Она растерянно смотрит на меня. Глаза ее очень близко от меня. Они серые, а белок голубоватый. А волосы черные.
— Кто вы? — говорю я и приподнимаюсь.
— Успокойся, чего ты так разбушевался спросонья? Заснул-то ты в девять, а теперь вот разгулялся. — Это голос отца, очень спокойный голос отца. — И познакомься, раз уж ты проснулся. Это моя сослуживица по госпиталю — Рашель Яковлевна.
Я протягиваю ей руку.
— Шеля, — говорит она и улыбается. — А ты меня испугал.
Я встал в полседьмого. Рассвет был низкий, тускловатый, и я не чувствовал утра. Я любил чувствовать утро, когда выскакиваешь на улицу и асфальт, утренний, четкий, нехоженый, как первый снег, и деревья утренние — дышат легко и сильно, и только к вечеру они запылятся и словно бы постареют. (И сам я утром другой — я чистый и сильный, а к вечеру я запылюсь, как эти деревья.)
Но сегодня я не почувствовал утра, я только видел бледный, ленивый рассвет и знал: надо идти в эту проклятую школу.
Голова у меня была тяжелая после сегодняшней ночи.
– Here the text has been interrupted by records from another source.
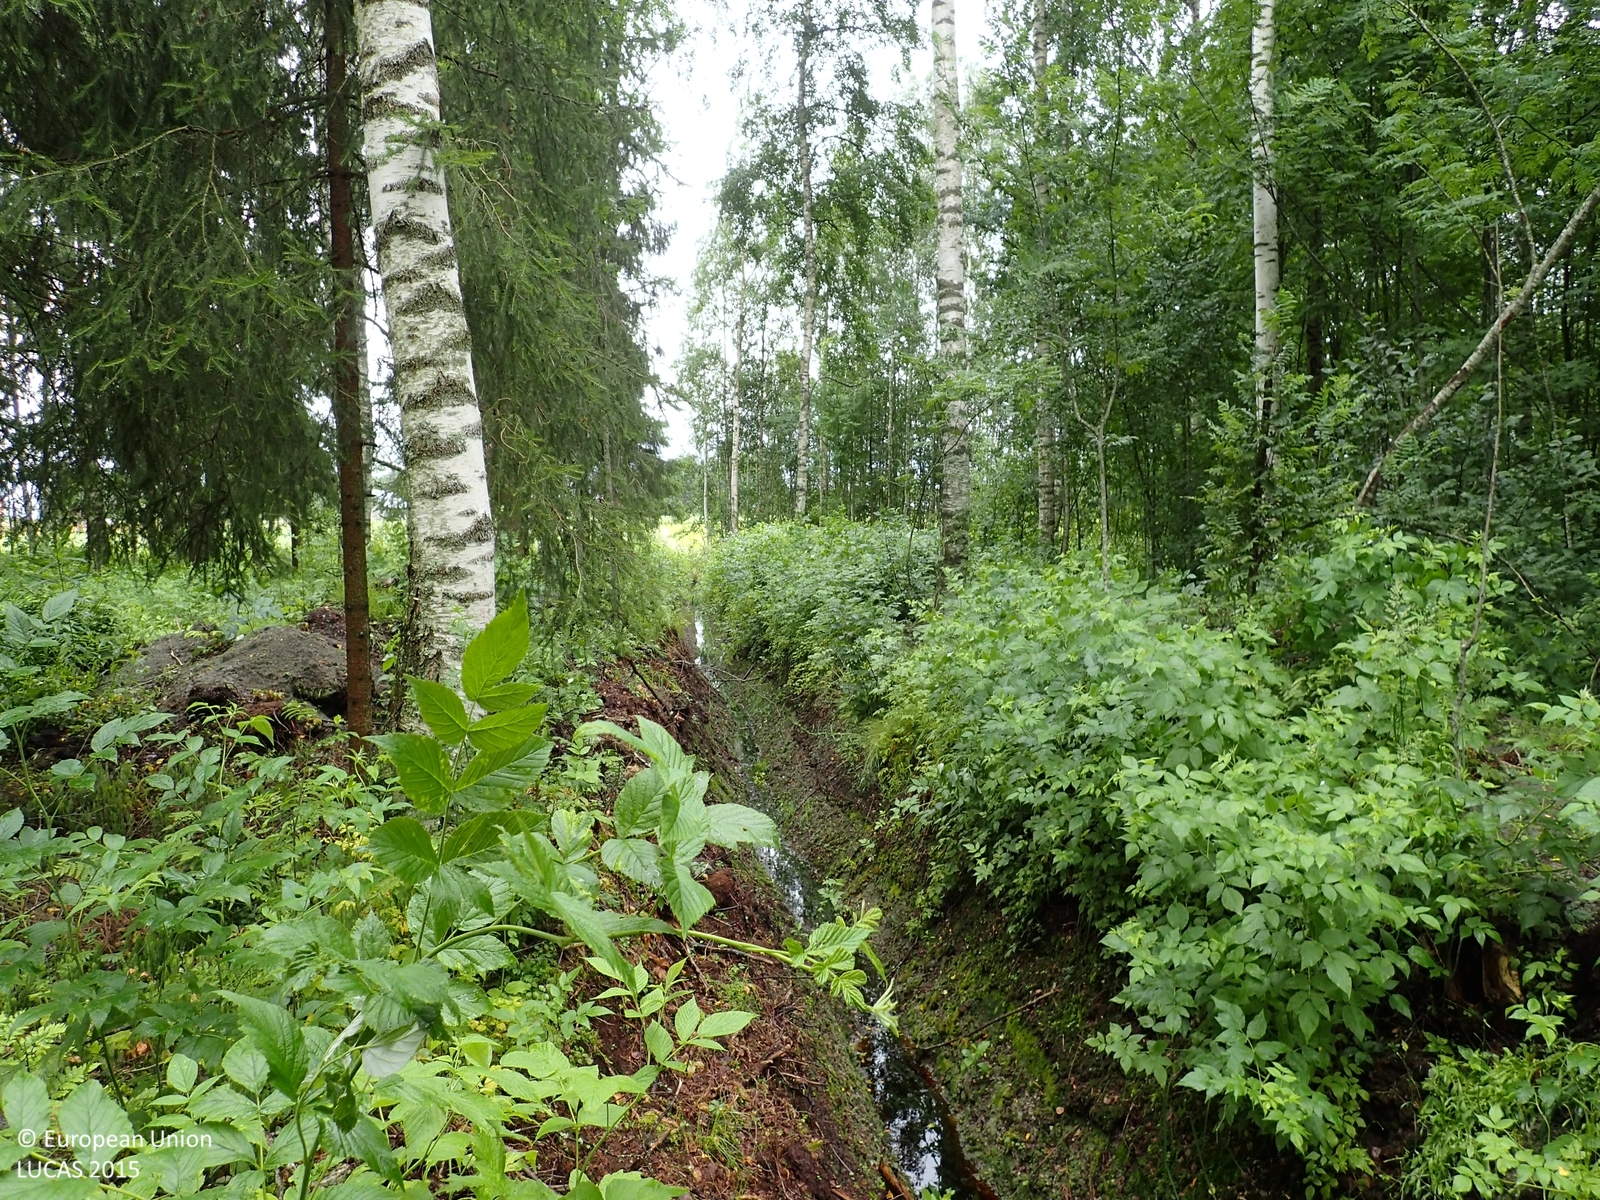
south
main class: Woodland
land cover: Other mixed woodland
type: boreal forest
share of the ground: 50 - 75 %
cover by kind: coniferous forest trees 45 %, herbaceous plants 40 %, broadleaved forest trees 15 %
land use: Forestry
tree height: > 5 m
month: July
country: FI
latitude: 62.9067
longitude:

Отца я не видел: он уехал в госпиталь часов в шесть.
Мне почему-то захотелось прогулять. Я любил прогуливать. Я никогда не прогуливал, когда контрольные или опрос, а просто так, стихийно, без повода. Я шел в школу, еще не зная, что я прогуляю. Я выходил, шел привычной дорогой, мне было скучно, и вдруг я думал: ведь можно же прогулять. Никто меня не будет судить и не посадит в тюрьму, если я прогуляю. Самое большее — мне поставят «хор» по поведению. Ну и пусть «хор»! Я согласен иметь хорошее поведение, согласен быть хорошим, а не отличным. И я прогуливал не слишком часто, чтобы не быть неприличным, но с удовольствием. У меня бывали тематические прогулы, тему я выбирал по дороге. Например, западная литература. И я шел в Ленинку, в зал для юношества, и брал разные романы Бальзака, Золя (Мопассана в школьном зале не выдавали, кроме патриотических рассказов). Я сидел, читал (а в это время идет химия, и вызывают Лешку Шангелая, и он встает, хлопнув доской парты, как крышкой гроба, и «сыплется» со страшной силой, и смотрит на мое место, а там пусто, никто ему не подскажет, — мне даже совестно становится, — он «засыпается», а я читаю Бальзака). Еще в библиотеке я любил смотреть на десятиклассниц. Там было несколько очень хороших десятиклассниц. Одна мне сказала (это было года два назад): «Тебе рано читать такие книги». Я как раз брал «Саламбо» Флобера. «Лучше раньше, чем никогда», — сказал я ей. И был очень доволен, что так быстро нашелся. Она только пожала плечами. Ее звали Яна. Она была черненькая, большеглазая.
В начале войны, кажется, в сентябре, я пришел к Яне, она жила близко от нас, около Дома ученых. Мы собирали бумагу для топки, и я пошел за бумагой к ней. Открыла какая-то старуха, рыжая, толстая, румяная. «А Яны, — говорит, — нет». «А где, — спрашиваю, — Яна, ушла?» «Ушла, — говорит. — Ушла на фронт и сражается с немецко-фашистскими захватчиками. А я ее соседка. А вам что надо?» «А нам бумагу надо». «А, бумагу! — Старуха сразу повеселела: она думала, что нам нужно что-то другое, может быть, хлеб. — Бумага, — говорит, — у нас есть». И ушла.